The boy flourished the instruments about with evident enjoyment, going as far as to take a good hold of one of his teeth, but he refrained from pulling, and rubbed his half-numbed hands.

It suddenly seemed to occur to him that he had not put on his jacket, and resuming this, and proving its many buttons to be a sham, for it fastened in a feminine manner by means of a series of hooks and eyes, he made a bound to the settee, grinning with pleasure as he threw it open, dived down, and brought out a glistening white human skull, handling it with a weird kind of delight painted in his face.

He took the ghastly object, and fixed it upon a knob, one of those upon the back of the old-fashioned chair in the middle of the room, draped it round with the table-cover; and drew back to admire his handiwork.

“Oh, if our ’Lisbeth would come in now!” he said, with a chuckle, as he rubbed his hands down his sides before proceeding to the greatest bit of enjoyment he had in his lonely life at the doctor’s.

From the very first the doctor’s surgery and consulting-room had had a strange fascination for him, and whenever he was missing, the maid-of-all-work, who rarely showed her face out of the dim kitchen, knew that the boy would not be playing truant from his work or playing with other lads of his age, but would be found reading, dusting, or amusing himself in the surgery, smelling bottles, opening drawers, or standing on a chair, gazing at the ghastly preparations in one or other of the row of glass jars.

His pranks he managed to keep secret, arranging to enjoy them when the doctor was asleep, and he was not likely to be disturbed.

The present was his favourite feat from its reality. There was something to go at, he always said, and for the hundredth time, perhaps, after performing the operation, and restoring with the help of a little gum, he took up the doctor’s tooth-key, fixed it carefully round a perfectly sound molar in the fine specimen upon whose excellences the doctor had before now lectured to students, and steadying the skull, the boy pretended to engage in a terrible struggle; then gave a quick twitch, and brought out the tooth, which he held with a smile as he struck an attitude before its silent owner.

The boy had seemed goblin-like before, but as he now stood there before the glistening relic of mortality, over which he had partly thrown the corner of the table-cloth, the scene was weird and grim in the extreme; for the one uncovered eye-socket seemed to leer at him in company with a ghastly pride, as if rejoicing at the relief the operation had afforded.

“Now yer better, ain’t yer?” said Bob. “Eh? Ah, I thought you would be. He was a tight ’un. Some ’un coming.”

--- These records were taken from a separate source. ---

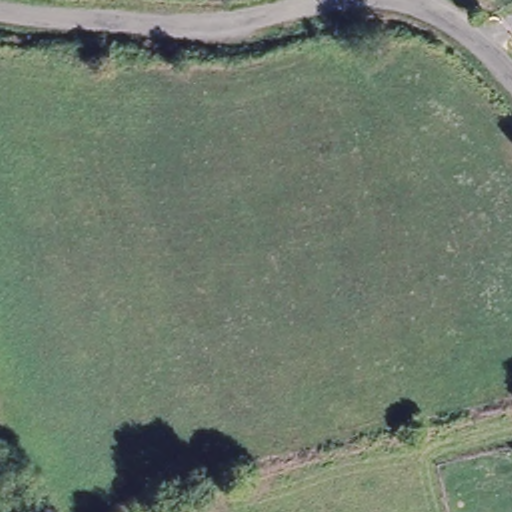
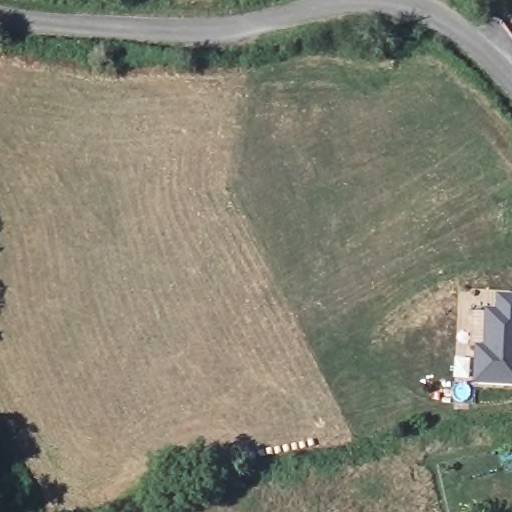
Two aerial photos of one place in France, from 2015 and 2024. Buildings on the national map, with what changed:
new [(494,295),(512,296),(512,384),(472,382),(471,311),(493,310),(494,295)]

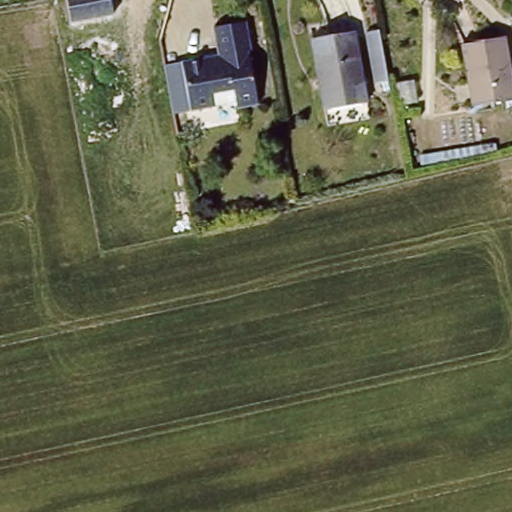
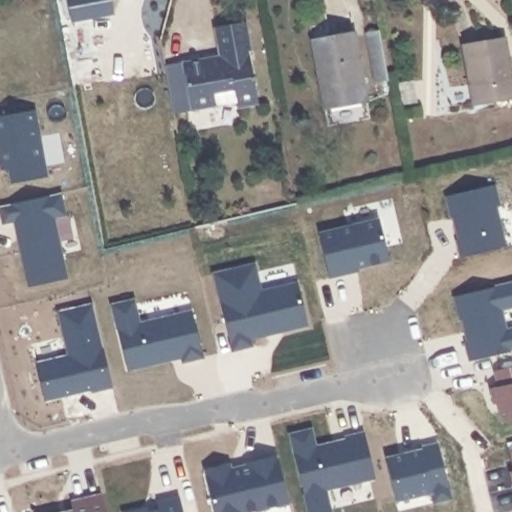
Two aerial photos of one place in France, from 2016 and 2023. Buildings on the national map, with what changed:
unchanged [(116,17),(73,25),(68,0),(112,0),(116,17)]
unchanged [(238,105),(237,100),(193,109),(184,61),(211,56),(211,59),(220,57),(213,25),(245,19),(251,47),(248,48),(258,101),(238,105)]
unchanged [(363,105),(322,113),(309,42),(351,35),(363,105)]
unchanged [(474,110),(464,50),(507,42),(512,73),(512,102),(474,110)]
unchanged [(370,91),(362,46),(376,44),(385,90),(370,91)]
new [(36,111),(48,176),(14,183),(11,169),(4,170),(0,150),(0,118),(36,111)]
new [(495,185),(500,206),(497,206),(506,247),(461,257),(457,240),(459,240),(456,225),(459,224),(457,215),(452,217),(447,195),(495,185)]
new [(62,193),(67,215),(56,217),(69,278),(31,286),(16,221),(5,223),(2,207),(62,193)]
new [(380,220),(390,261),(347,271),(348,273),(330,277),(320,234),(380,220)]
new [(256,263),(262,292),(299,283),(309,325),(283,331),(282,328),(266,333),(267,335),(251,340),(253,346),(233,351),(214,274),(256,263)]
new [(502,310),(507,331),(512,330),(512,351),(470,361),(465,341),(470,340),(468,333),(466,331),(462,319),(460,320),(454,297),(512,283),(512,307),(502,310)]
new [(135,300),(142,325),(194,311),(205,356),(184,361),(182,354),(173,356),(173,358),(129,369),(113,305),(135,300)]
new [(71,355),(61,312),(95,305),(114,386),(93,391),(92,387),(81,390),(79,392),(46,400),(38,363),(71,355)]
new [(495,370),(512,366),(512,421),(503,423),(498,403),(495,403),(491,388),(499,386),(495,370)]
new [(317,445),(335,441),(337,443),(347,441),(346,436),(366,432),(377,477),(327,489),(332,512),(309,512),(291,434),(313,428),(317,445)]
new [(410,452),(411,455),(422,452),(421,447),(438,442),(451,498),(434,501),(432,491),(397,500),(387,457),(410,452)]
new [(510,450),(512,449),(512,458),(510,450)]
new [(232,471),(249,467),(247,461),(279,455),(290,503),(249,512),(215,512),(205,468),(230,462),(232,471)]
new [(512,471),(512,475),(511,471),(512,471)]
new [(73,501),(104,494),(108,512),(65,512),(75,510),(73,501)]
new [(149,510),(160,508),(158,501),(181,496),(184,512),(133,512),(149,508),(149,510)]

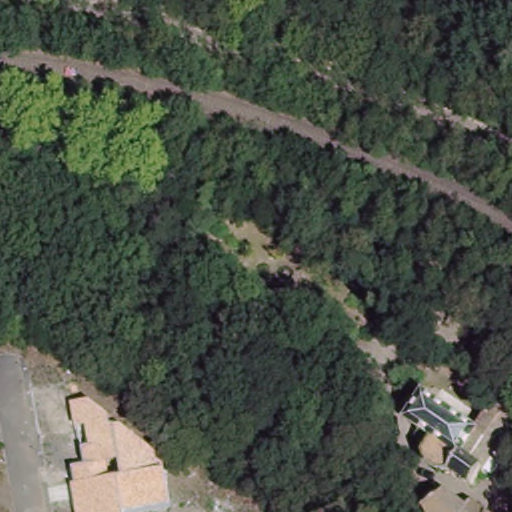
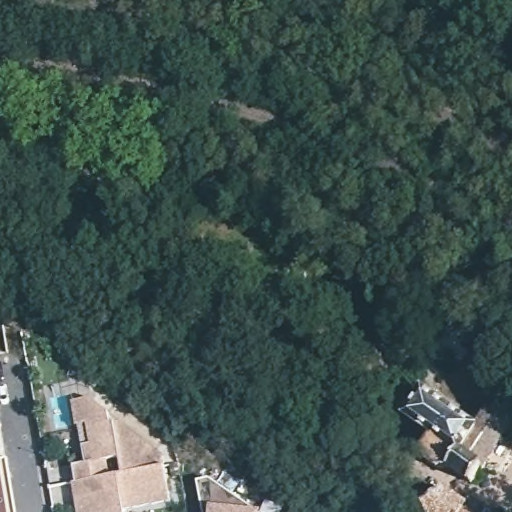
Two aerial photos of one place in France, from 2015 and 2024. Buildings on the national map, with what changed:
unchanged [(512,403),(512,431),(482,488),(431,466),(444,441),(410,420),(435,382),(480,415),(492,393),(512,403)]
unchanged [(125,512),(77,512),(71,483),(76,482),(73,465),(85,463),(82,446),(89,445),(86,423),(76,425),(73,405),(90,400),(110,413),(113,425),(120,425),(163,458),(165,466),(169,502),(124,510),(125,512)]
new [(259,512),(203,512),(197,484),(213,481),(259,512)]
unchanged [(435,483),(464,493),(469,485),(512,503),(512,512),(417,512),(415,501),(435,483)]

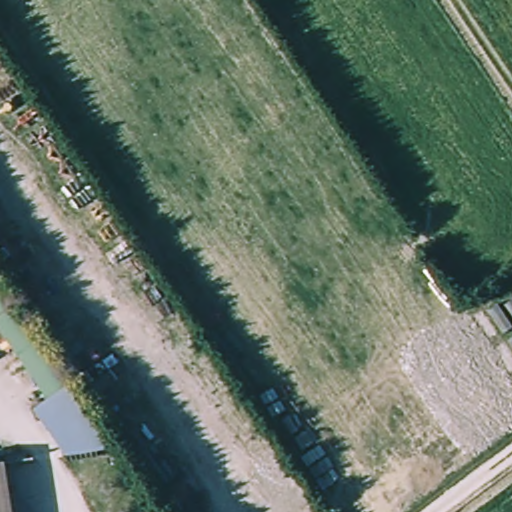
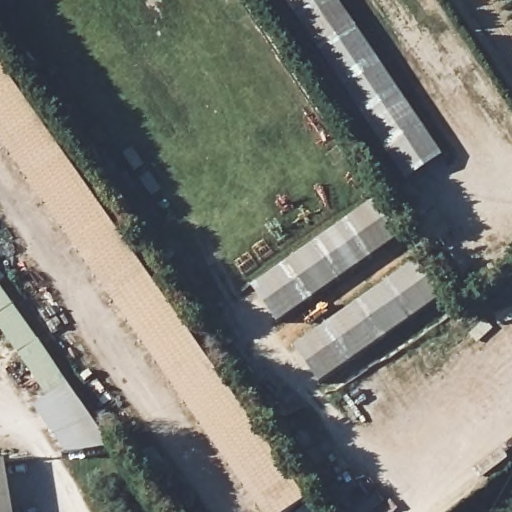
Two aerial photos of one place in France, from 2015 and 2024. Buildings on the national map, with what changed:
new [(405,180),(284,0),(338,0),(442,154),(405,180)]
new [(0,65),(147,276),(110,301),(0,144),(0,65)]
new [(375,200),(400,237),(276,323),(251,287),(375,200)]
new [(414,262),(439,297),(319,383),(294,347),(414,262)]
new [(289,512),(257,512),(110,301),(147,276),(306,501),(289,512)]
new [(110,450),(65,456),(33,409),(48,398),(0,331),(0,286),(66,385),(110,450)]
unchanged [(18,512),(0,512),(0,464),(10,462),(18,512)]

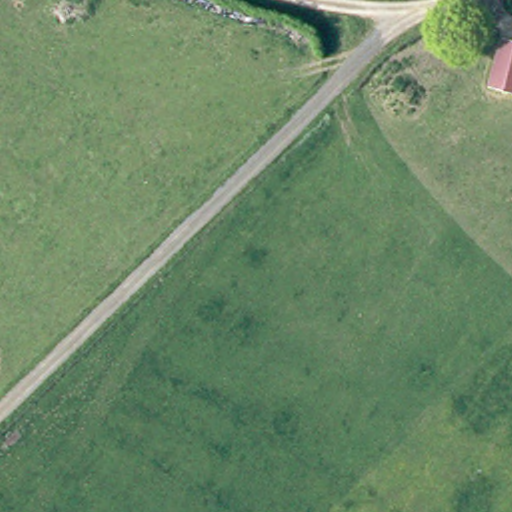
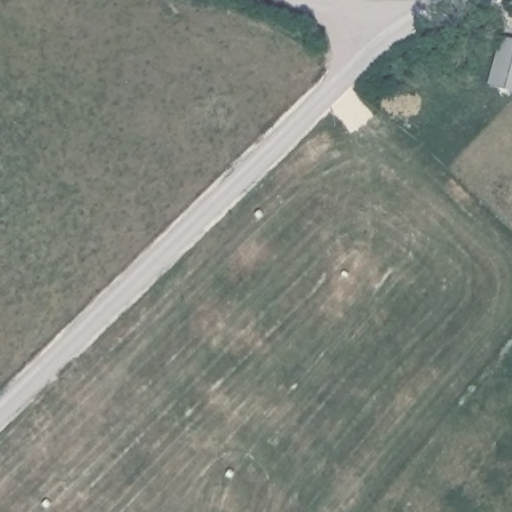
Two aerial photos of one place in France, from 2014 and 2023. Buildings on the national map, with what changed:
unchanged [(512,89),(490,84),(503,35),(512,37),(512,89)]

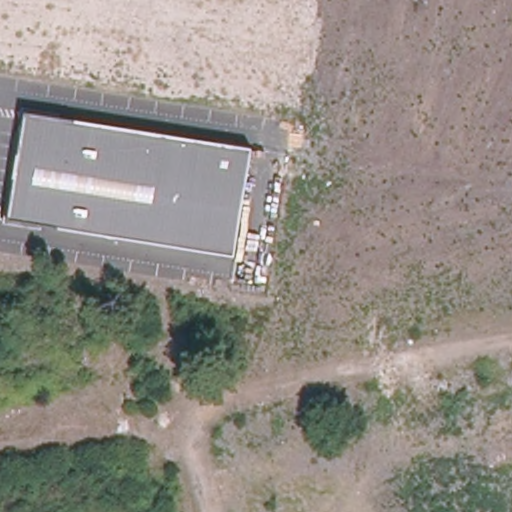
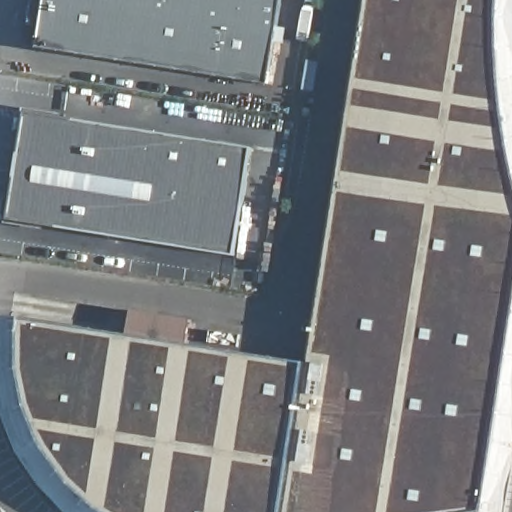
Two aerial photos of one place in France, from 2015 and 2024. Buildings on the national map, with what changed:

Quick as thought, the boy snatched the skull from the back of the chair, slipped it into the long chest, closed the lid, thrust the tooth-key back into the drawer, and had thrown the cover on the table before the door at the end of the house-passage was opened, disclosing him, in spite of all his efforts, looking as if the mischief which lurked in the corners of his mouth, and flashed from his eyes, had been running to the full extent of its chain.